This tutorial will guide you through running your first quantum simulations with QC. You’ll learn how to simulate quantum circuits and perform molecular ground state calculations.

Your First Quantum Circuit

Let’s start by running the quantum computer simulator with all three physics backends.

Running the Simulator

Execute the quantum computer with the following command:
python3 quantum_computer.py \
  --hamiltonian-checkpoint hamiltonian.pth \
  --schrodinger-checkpoint checkpoint_phase3_training_epoch_18921_20260224_154739.pth \
  --dirac-checkpoint best_dirac.pth \
  --grid-size 16 \
  --hidden-dim 32 \
  --expansion-dim 64 \
  --device cpu
The simulator automatically loads all three backends and runs a comprehensive test suite including Bell states, GHZ states, Grover’s algorithm, and phase coherence tests.

Understanding the Output

The simulator runs three backends in parallel and produces identical results:
--- Backend: HAMILTONIAN ---
[Bell State]  expected: P(|00>)=0.5, P(|11>)=0.5, entropy=1 bit
MeasurementResult (2 qubits)
  Most probable: |00>  P=0.5000
  Shannon entropy: 1.0000 bits
  Top states:
    |00>  P=0.5000
    |11>  P=0.5000

Test Results

The simulator validates 22 phase coherence tests:
======================================================================
PHASE COHERENCE & UNITARITY TEST SUITE
======================================================================

--- Group 1: Single-qubit phase algebra ---
  [PASS] HZH = X  (|0>->|1>):  P(|1>)=1.0000
  [PASS] HXH = Z  (|0>->|0>):  P(|1>)=0.0000
  [PASS] XX = I   (|0>->|0>):  P(|1>)=0.0000

--- Group 2: Two-qubit phase-sensitive interference ---
  [PASS] H CNOT CNOT H = I  (P(|00>)=1.0000)
  [PASS] SWAP |01> = |10>   (P(|10>)=1.0000)
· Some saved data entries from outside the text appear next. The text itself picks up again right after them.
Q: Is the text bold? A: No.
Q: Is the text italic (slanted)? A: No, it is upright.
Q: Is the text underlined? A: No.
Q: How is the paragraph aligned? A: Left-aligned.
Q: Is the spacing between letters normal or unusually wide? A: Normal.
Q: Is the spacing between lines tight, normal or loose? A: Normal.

--- Group 3: Norm preservation (unitarity) ---
  [PASS] Norm preserved after H: sum(P)=1.00000000
  [PASS] Norm preserved after Bell: sum(P)=1.00000000

--- Group 4: Entanglement (Shannon entropy) ---
  [PASS] Bell state entropy = 1 bit  (got 1.0000)
  [PASS] GHZ-3 entropy = 1 bit  (got 1.0000)

======================================================================
ALL TESTS PASSED  (22/22)
======================================================================

Molecular Ground State Calculation

Now let’s calculate the ground state energy of molecular hydrogen (H₂) using Variational Quantum Eigensolver (VQE).

Run Molecular Simulation

python3 molecular_sim.py --molecule H2
  • --molecule: Molecule to simulate (currently supports: H2)
  • --max-iter: Maximum VQE iterations (default: 100)
  • --hamiltonian-checkpoint: Path to Hamiltonian weights
  • --schrodinger-checkpoint: Path to Schrödinger weights
  • --dirac-checkpoint: Path to Dirac weights
  • --grid-size: Spatial grid size (default: 16)
  • --hidden-dim: Neural network hidden dimension (default: 32)
  • --expansion-dim: Neural network expansion dimension (default: 64)
  • --seed: Random seed for reproducibility (default: 42)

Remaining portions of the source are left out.